**THE INPUT:**
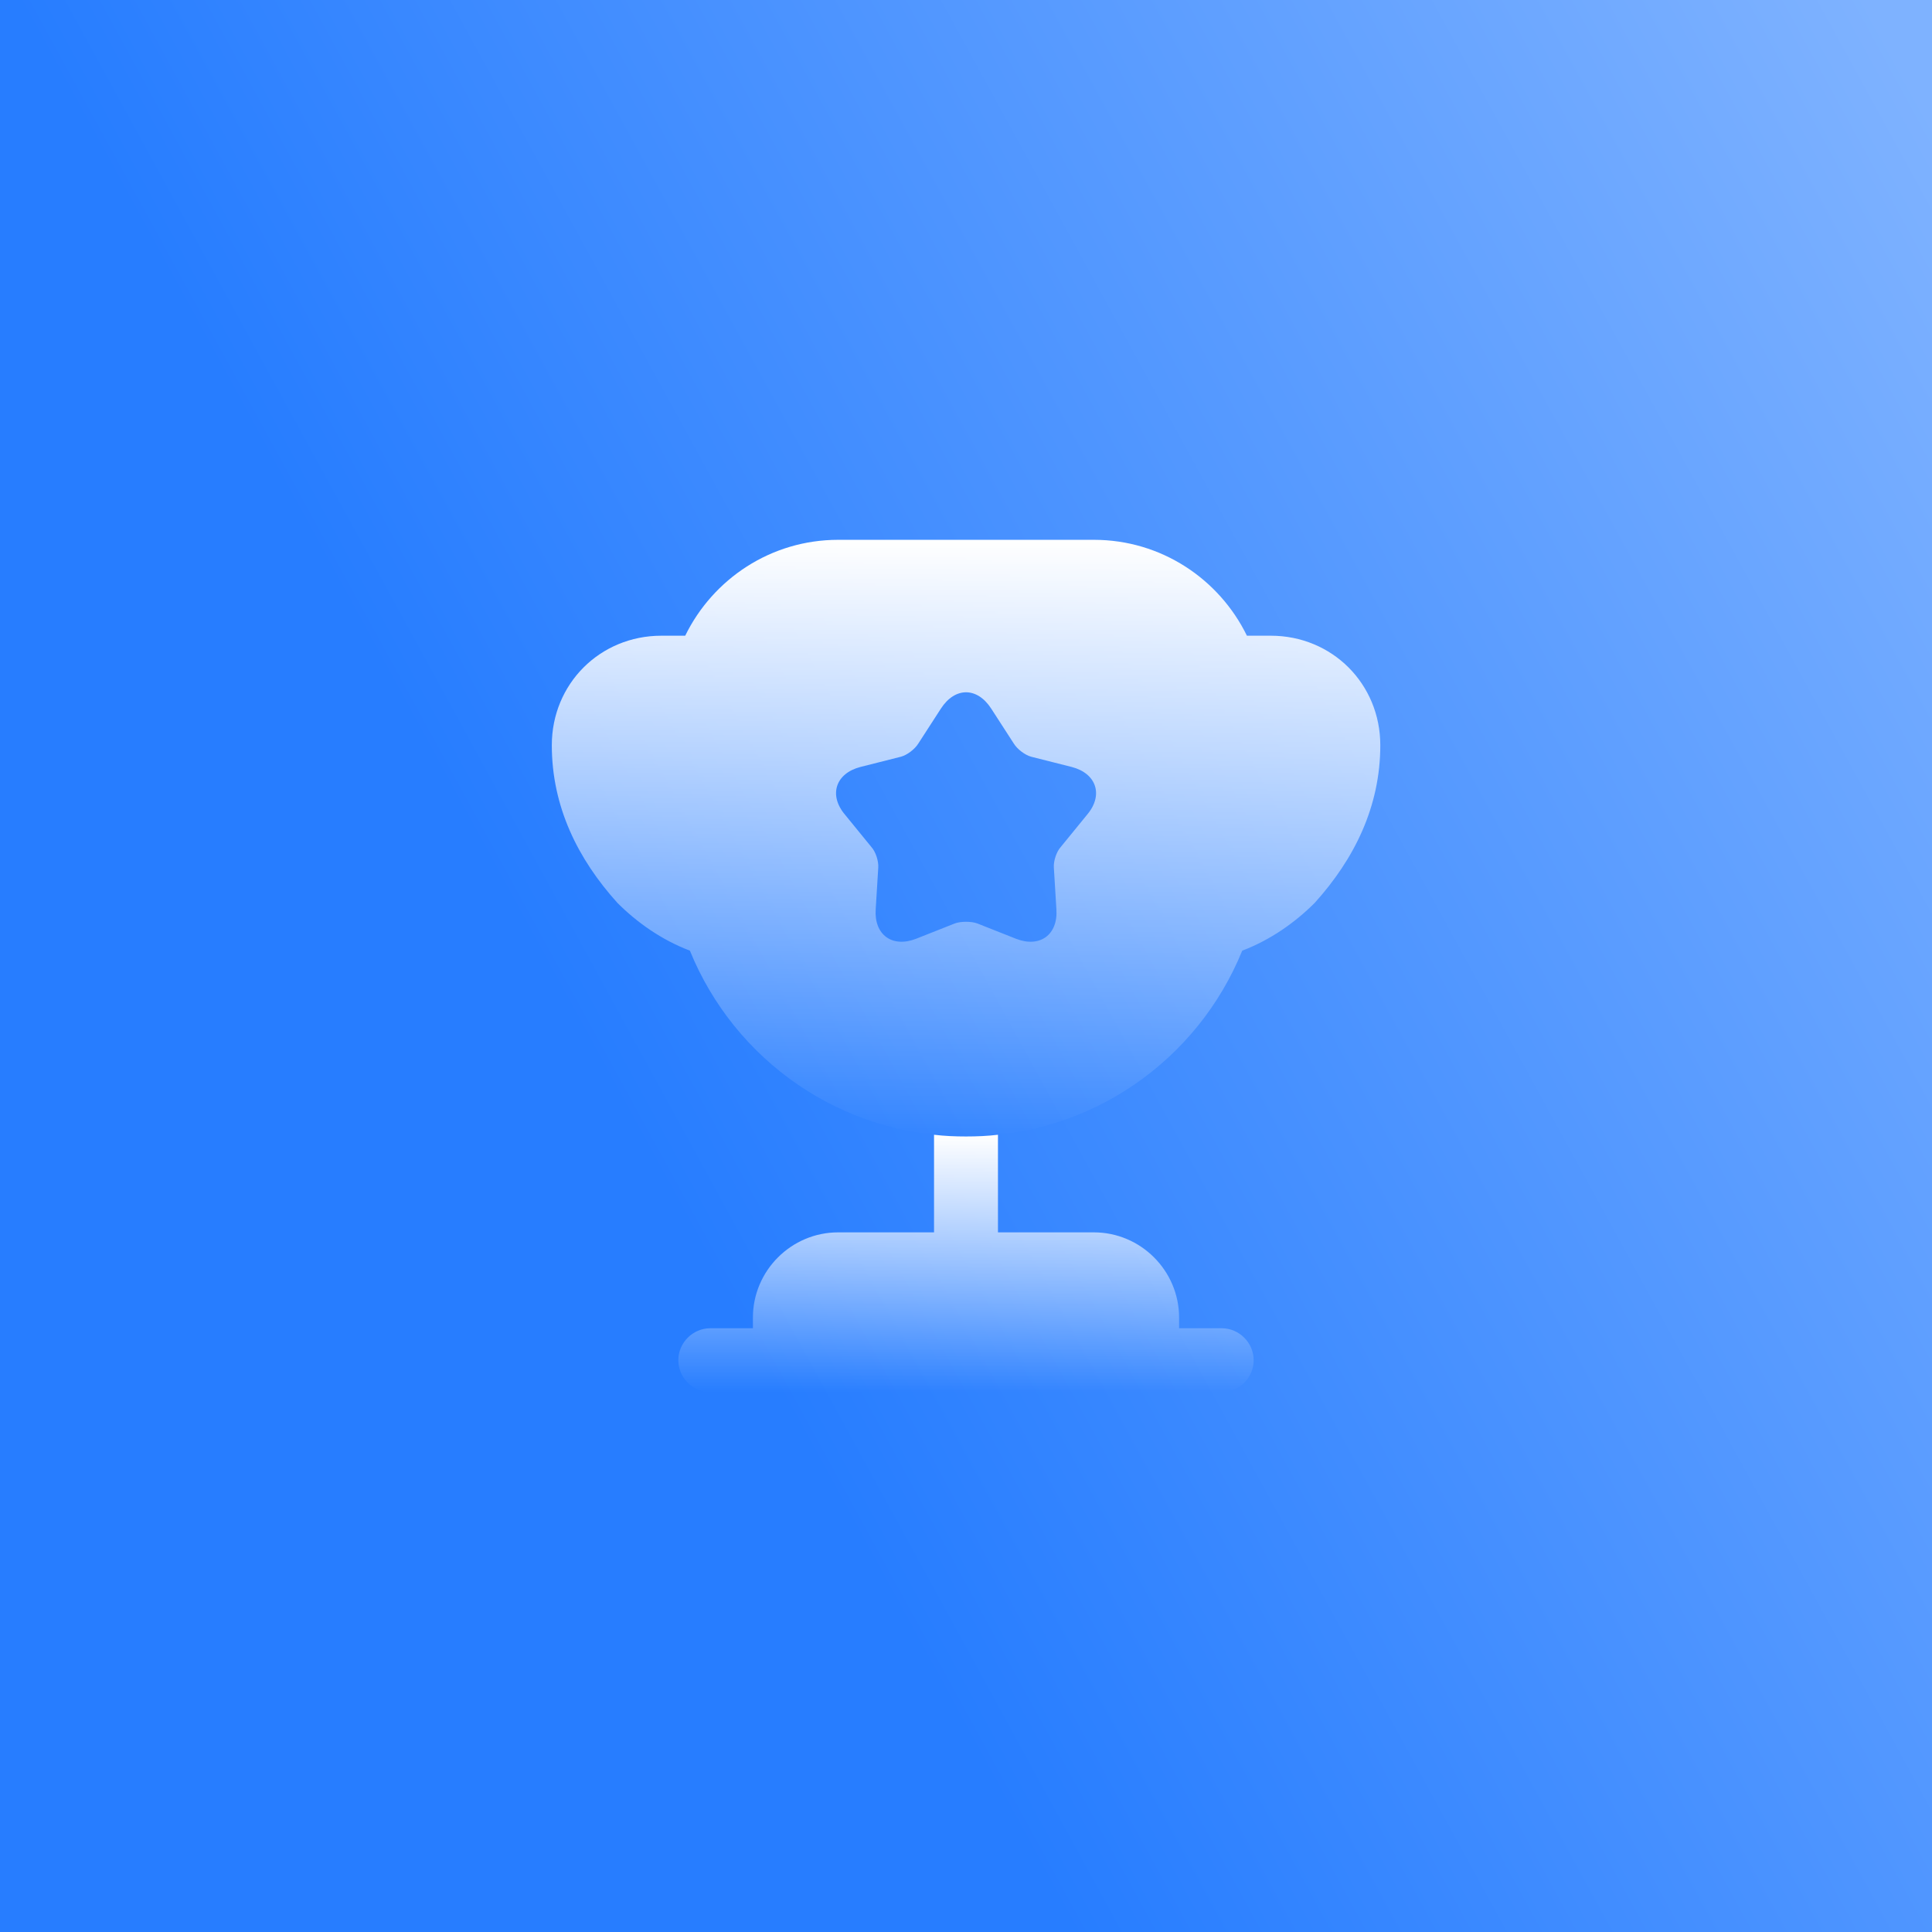 <svg width="68" height="68" viewBox="0 0 68 68" fill="none" xmlns="http://www.w3.org/2000/svg">
<rect x="0" y="0" width="68" height="68" fill="#333333" stroke="none"/>
<rect width="68" height="68" fill="url(#paint0_linear_15169_51218)"/>
<path d="M32.875 43.375H29.5C27.85 43.375 26.5 44.725 26.5 46.375V46.75H25C24.385 46.75 23.875 47.26 23.875 47.875C23.875 48.49 24.385 49 25 49H43C43.615 49 44.125 48.49 44.125 47.875C44.125 47.26 43.615 46.75 43 46.75H41.5V46.375C41.5 44.725 40.15 43.375 38.5 43.375H35.125V39.94C34.75 39.985 34.375 40 34 40C33.625 40 33.25 39.985 32.875 39.94V43.375Z" fill="url(#paint1_linear_15169_51218)"/>
<path d="M43.722 33.46C44.712 33.085 45.582 32.47 46.272 31.78C47.667 30.235 48.582 28.39 48.582 26.23C48.582 24.07 46.887 22.375 44.727 22.375H43.887C42.912 20.38 40.872 19 38.502 19H29.502C27.132 19 25.092 20.38 24.117 22.375H23.277C21.117 22.375 19.422 24.07 19.422 26.23C19.422 28.39 20.337 30.235 21.732 31.78C22.422 32.47 23.292 33.085 24.282 33.46C25.842 37.3 29.592 40 34.002 40C38.412 40 42.162 37.3 43.722 33.46ZM38.262 28.675L37.332 29.815C37.182 29.98 37.077 30.31 37.092 30.535L37.182 32.005C37.242 32.905 36.597 33.37 35.757 33.04L34.392 32.5C34.182 32.425 33.822 32.425 33.612 32.5L32.247 33.04C31.407 33.37 30.762 32.905 30.822 32.005L30.912 30.535C30.927 30.31 30.822 29.98 30.672 29.815L29.742 28.675C29.157 27.985 29.412 27.22 30.282 26.995L31.707 26.635C31.932 26.575 32.202 26.365 32.322 26.17L33.117 24.94C33.612 24.175 34.392 24.175 34.887 24.94L35.682 26.17C35.802 26.365 36.072 26.575 36.297 26.635L37.722 26.995C38.592 27.22 38.847 27.985 38.262 28.675Z" fill="url(#paint2_linear_15169_51218)"/>
<defs>
<linearGradient id="paint0_linear_15169_51218" x1="31.28" y1="56.407" x2="81.618" y2="28.865" gradientUnits="userSpaceOnUse">
<stop stop-color="#277DFF"/>
<stop offset="1" stop-color="#7EB2FF"/>
</linearGradient>
<linearGradient id="paint1_linear_15169_51218" x1="34" y1="39.94" x2="34" y2="49" gradientUnits="userSpaceOnUse">
<stop stop-color="white"/>
<stop offset="1" stop-color="white" stop-opacity="0"/>
</linearGradient>
<linearGradient id="paint2_linear_15169_51218" x1="34.002" y1="19" x2="34.002" y2="40" gradientUnits="userSpaceOnUse">
<stop stop-color="white"/>
<stop offset="1" stop-color="white" stop-opacity="0"/>
</linearGradient>
</defs>
</svg>

**EXERCISE DESCRIPTION:**
Identify the lines in the records above that contain the word "rect", then state how many there are and nothing more.

**EXERCISE OUTPUT:**
2